SETTLEMENT AGREEMENT AND MUTUAL RELEASE

EX-10.1 2 exhibit1.htm EX-10.1 EX-10.1

Exhibit 10.1

SETTLEMENT AGREEMENT AND MUTUAL RELEASE

THIS SETTLEMENT AGREEMENT AND MUTUAL RELEASE (this “Agreement”), dated as of this 16th day of December, 2005, is made and entered into by and between Verticalnet, Inc., a Pennsylvania corporation (“Verticalnet”), and FBR Investment Management, Inc., a Delaware corporation, on behalf of, and in its capacity as the exclusive agent and attorney-in-fact of, the former holders of preferred stock of B2eMarkets, Inc. (the “Stockholders’ Representative”).

Recitals

WHEREAS, pursuant to that certain Agreement of Merger, dated as of July 16, 2004 (the “Merger Agreement”) by and among Verticalnet, Popcorn Acquisition Sub, Inc., a Delaware corporation and wholly-owned subsidiary of Verticalnet (“Popcorn Sub”), and B2eMarkets, Inc., a Delaware corporation (“B2e”), B2e merged with and into Popcorn Sub and Verticalnet delivered 5,100,000 shares of Verticalnet’s common stock to the former holders of preferred stock of B2e (the “Former Stockholders”) and issued a convertible promissory note, dated July 16, 2004, in the aggregate principal amount of $5,925,603 (the “Note”) to the Stockholders’ Representative for benefit of the Former Stockholders;

WHEREAS, on November 15, 2004, Verticalnet converted the Note, which carried accrued interest of approximately $160,649, for a total balance of approximately $6,086,253, into 3,029,162 shares of Verticalnet’s common stock (the “Conversion Shares”);

WHEREAS, pursuant to the Note, 702,927 shares of the Conversion Shares (the “Escrow Shares”) were held in escrow as security for indemnification claims arising under the Merger Agreement;

WHEREAS, Verticalnet made certain indemnification claims under the Merger Agreement in a letter dated April 14, 2005, further supplemented by letters dated April 21, 2005 and May 24, 2005 (the “Claims”), which Claims were disputed by the Shareholders’ Representative;

WHEREAS, Verticalnet and the Stockholders’ Representative have determined that it is in the best interests of Verticalnet and the Former Stockholders to settle and compromise the Claims and Verticalnet and the Stockholders’ Representative are entering into this Agreement for settlement purposes only, without any admission of liability, fault, or wrongdoing by Verticalnet, the Stockholders’ Representative or the Former Stockholders (the “Settlement”); and

WHEREAS, this Agreement is being entered into by the Stockholders’ Representative on behalf of the Former Stockholders, and pursuant to the Merger Agreement, the Stockholders’ Representative has the authority to act on behalf of and bind the Former Stockholders, and by executing this Agreement is effectuating the Settlement on behalf of the Former Stockholders.

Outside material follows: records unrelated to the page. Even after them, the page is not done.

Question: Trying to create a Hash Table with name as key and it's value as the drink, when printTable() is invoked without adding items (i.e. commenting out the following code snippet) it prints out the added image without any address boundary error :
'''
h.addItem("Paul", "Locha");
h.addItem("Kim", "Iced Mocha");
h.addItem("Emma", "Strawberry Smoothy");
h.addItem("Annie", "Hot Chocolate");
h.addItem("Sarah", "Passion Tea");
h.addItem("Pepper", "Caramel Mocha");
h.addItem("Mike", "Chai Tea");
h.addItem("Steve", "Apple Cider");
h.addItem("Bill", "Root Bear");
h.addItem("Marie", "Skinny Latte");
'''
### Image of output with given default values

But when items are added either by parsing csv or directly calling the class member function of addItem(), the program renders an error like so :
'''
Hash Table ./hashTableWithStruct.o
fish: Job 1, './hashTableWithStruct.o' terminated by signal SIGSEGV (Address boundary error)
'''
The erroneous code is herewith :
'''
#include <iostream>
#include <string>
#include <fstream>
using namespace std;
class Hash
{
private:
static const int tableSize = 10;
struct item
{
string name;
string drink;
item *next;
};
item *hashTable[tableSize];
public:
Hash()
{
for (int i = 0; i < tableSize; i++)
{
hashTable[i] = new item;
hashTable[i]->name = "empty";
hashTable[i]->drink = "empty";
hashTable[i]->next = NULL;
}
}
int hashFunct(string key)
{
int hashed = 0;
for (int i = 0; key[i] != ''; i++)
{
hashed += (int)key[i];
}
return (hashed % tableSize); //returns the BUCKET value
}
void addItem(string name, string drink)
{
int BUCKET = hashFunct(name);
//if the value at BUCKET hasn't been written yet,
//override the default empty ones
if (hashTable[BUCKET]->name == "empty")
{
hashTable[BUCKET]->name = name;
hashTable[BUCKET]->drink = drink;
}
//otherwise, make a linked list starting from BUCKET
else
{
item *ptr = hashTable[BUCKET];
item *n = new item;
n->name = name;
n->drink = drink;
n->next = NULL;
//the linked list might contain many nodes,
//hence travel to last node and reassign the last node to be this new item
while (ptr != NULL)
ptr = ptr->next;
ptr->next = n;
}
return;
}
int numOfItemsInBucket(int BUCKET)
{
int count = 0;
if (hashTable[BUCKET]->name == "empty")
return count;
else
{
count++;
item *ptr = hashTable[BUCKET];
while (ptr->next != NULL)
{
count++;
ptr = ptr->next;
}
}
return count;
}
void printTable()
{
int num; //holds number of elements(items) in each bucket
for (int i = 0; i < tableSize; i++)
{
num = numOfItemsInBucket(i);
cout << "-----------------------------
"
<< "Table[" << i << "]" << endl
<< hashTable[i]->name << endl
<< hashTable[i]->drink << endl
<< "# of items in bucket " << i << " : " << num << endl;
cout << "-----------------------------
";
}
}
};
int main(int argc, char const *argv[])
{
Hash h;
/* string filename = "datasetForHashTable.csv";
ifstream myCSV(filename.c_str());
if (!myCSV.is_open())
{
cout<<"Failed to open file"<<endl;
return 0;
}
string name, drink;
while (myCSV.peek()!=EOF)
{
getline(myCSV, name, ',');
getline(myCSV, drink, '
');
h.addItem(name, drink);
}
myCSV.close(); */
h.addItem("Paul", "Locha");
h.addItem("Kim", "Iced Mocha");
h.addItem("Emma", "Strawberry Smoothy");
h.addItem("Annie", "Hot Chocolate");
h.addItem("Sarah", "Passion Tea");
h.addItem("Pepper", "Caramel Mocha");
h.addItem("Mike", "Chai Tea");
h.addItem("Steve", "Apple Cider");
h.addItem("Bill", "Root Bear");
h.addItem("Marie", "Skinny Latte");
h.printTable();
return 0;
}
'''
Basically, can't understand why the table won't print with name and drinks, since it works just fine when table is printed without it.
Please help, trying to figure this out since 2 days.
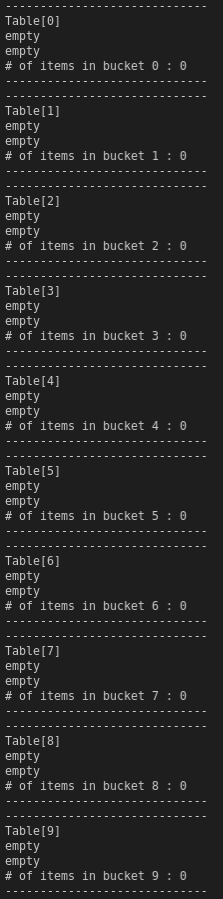
Answer: After this while loop
'''
while (ptr != NULL)
ptr = ptr->next;
'''
the pointer 'ptr' is equal to 'nullptr'. So the next statement
'''
ptr->next = n;
'''
invokes undefined behavior due to dereferencing a null pointer.
It seems you mean
'''
while (ptr->next != NULL)
ptr = ptr->next;
ptr->next = n;
'''
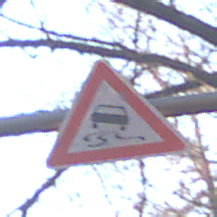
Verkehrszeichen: SchleuderOderRutschgefahr
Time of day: SunriseSunset
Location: Outdoor (Nature)
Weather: Clear
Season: Autumn
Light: Natural
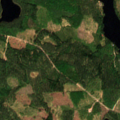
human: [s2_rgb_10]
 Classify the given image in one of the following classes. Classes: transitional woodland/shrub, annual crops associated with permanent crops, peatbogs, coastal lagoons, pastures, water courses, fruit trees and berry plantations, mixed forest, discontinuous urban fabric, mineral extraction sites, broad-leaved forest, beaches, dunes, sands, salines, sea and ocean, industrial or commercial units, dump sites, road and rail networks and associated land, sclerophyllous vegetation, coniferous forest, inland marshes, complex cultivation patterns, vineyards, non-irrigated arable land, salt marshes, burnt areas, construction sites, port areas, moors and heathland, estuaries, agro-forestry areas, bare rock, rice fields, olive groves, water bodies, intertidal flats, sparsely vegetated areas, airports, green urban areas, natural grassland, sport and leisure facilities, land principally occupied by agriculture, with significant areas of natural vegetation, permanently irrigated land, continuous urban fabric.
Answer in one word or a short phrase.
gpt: coniferous forest, mixed forest, transitional woodland/shrub, water bodies
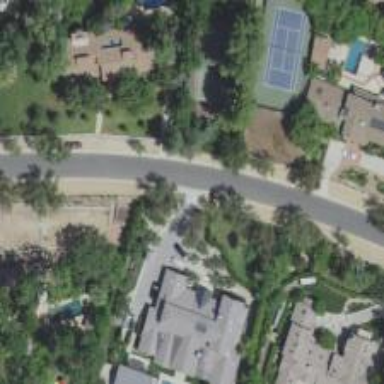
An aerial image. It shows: Sidewalk that serves as bridleway.
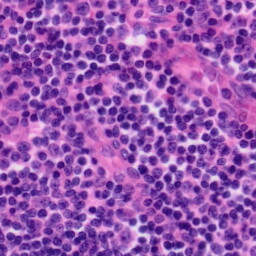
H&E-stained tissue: Tonsil
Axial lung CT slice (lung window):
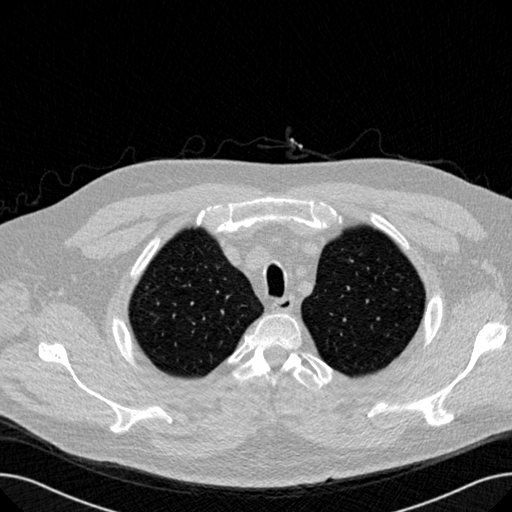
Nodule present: no
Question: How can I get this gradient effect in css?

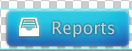
Answer: You could use the following css and html to achieve something the button in your post
'''
#button {
background-color: #7BCEE6;
background-image: -moz-linear-gradient(top, #7BCEE6, #3F7DBB); /* FF3.6 */
background-image: -webkit-gradient(linear, left top, left bottom, color-stop(0, #7BCEE6), color-stop(1, #3F7DBB)); /* Saf4+, Chrome */
background-image: linear-gradient(top, #7BCEE6, #3F7DBB);
filter: progid:DXImageTransform.Microsoft.gradient(startColorStr='#7BCEE6', EndColorStr='#3F7DBB'); /* IE6-IE9 */
width:120px;
height:40px;
-moz-border-radius: 12px; /* FF1+ */
-webkit-border-radius: 12px; /* Saf3-4 */
border-radius: 12px; /* Opera 10.5, IE9, Saf5, Chrome */
}
#image {
width:25px;
height:40px;
background:#930;
margin-left:10px;
float:left;
}
#text {
text-shadow: 1px 1px 3px #888; /* FF3.5+, Opera 9+, Saf1+, Chrome */
color:#fff;
font-size:22px;
float:left;
margin-top:5px;
}
'''
'''
<div id="button">
<div id="image"></div>
<div id="text">Reports</div>
</div>
'''
live example: <URL>
Where is the red block, is supposed you can add a png image. Also you have to keep in mind that most css3 under internet explorer 8 is not supported. To add some css3 functionality for ie you can you the <URL>
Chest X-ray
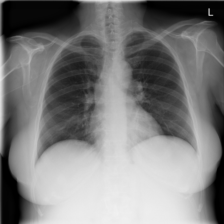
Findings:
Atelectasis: negative
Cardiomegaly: negative
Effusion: negative
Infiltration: positive
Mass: negative
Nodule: negative
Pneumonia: negative
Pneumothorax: negative
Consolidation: negative
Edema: negative
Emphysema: negative
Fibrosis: negative
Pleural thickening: negative
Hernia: negative
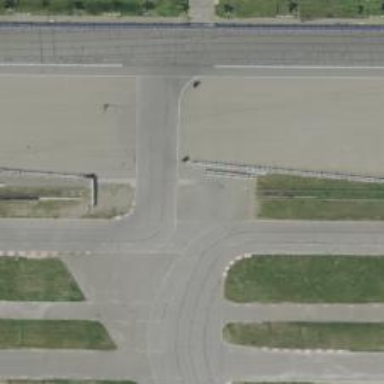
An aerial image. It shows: Motor sport raceway.
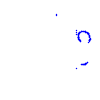
Particle: proton
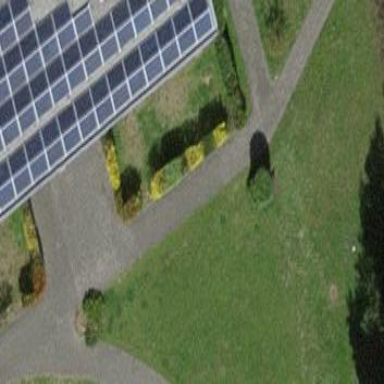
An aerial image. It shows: Garden surrounded by fence.
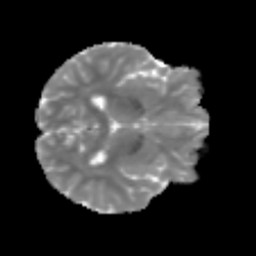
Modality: MD
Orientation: axial
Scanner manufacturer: siemens
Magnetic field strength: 3 T
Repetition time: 3.6 s
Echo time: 0.092 s
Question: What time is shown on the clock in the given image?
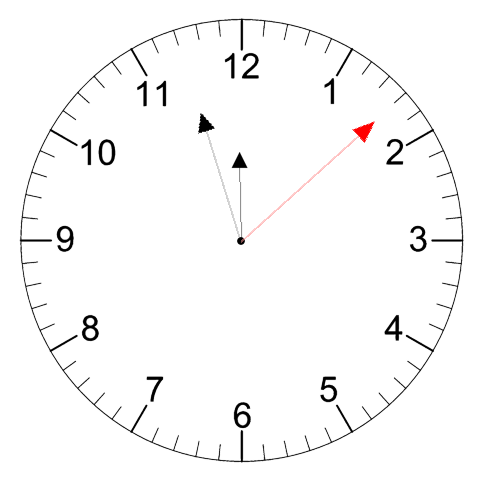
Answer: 11:57:08
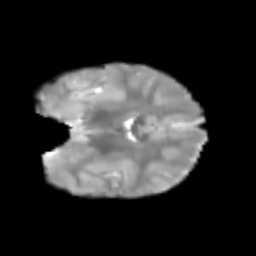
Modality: T2w
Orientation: coronal
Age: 6
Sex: female
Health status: healthy
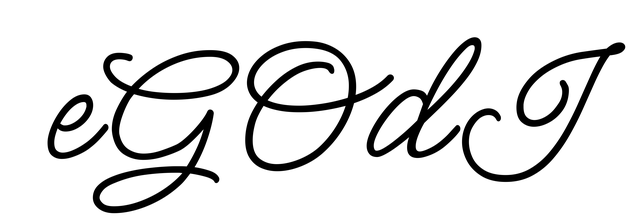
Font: MeowScript-Regular
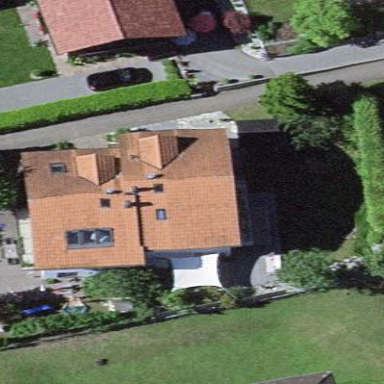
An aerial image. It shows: Semi-detached house.

NOW, THEREFORE, in consideration of the foregoing and of the representations, warranties and covenants herein contained and other good and valuable consideration the receipt and sufficiency of which are hereby acknowledged, the parties hereto, intending to be legally bound, hereby agree as follows:

1. In full and final resolution and satisfaction of the Claims, simultaneously upon the execution and delivery of this Agreement by each party hereto, each Former Stockholder irrevocably and voluntarily forfeits, surrenders and releases all right title and interest that such Former Stockholder may have in, to or under the Escrow Shares and any and all claims with respect thereto, and each Former Stockholder assigns, transfers, conveys and delivers to Verticalnet all right, title and interest in, to and under the Escrow Shares, free and clear of any lien, mortgage, security interest, pledge, restriction on transferability, defect of title or other claim, charge or encumbrance of any nature whatsoever (collectively, “Encumbrances”).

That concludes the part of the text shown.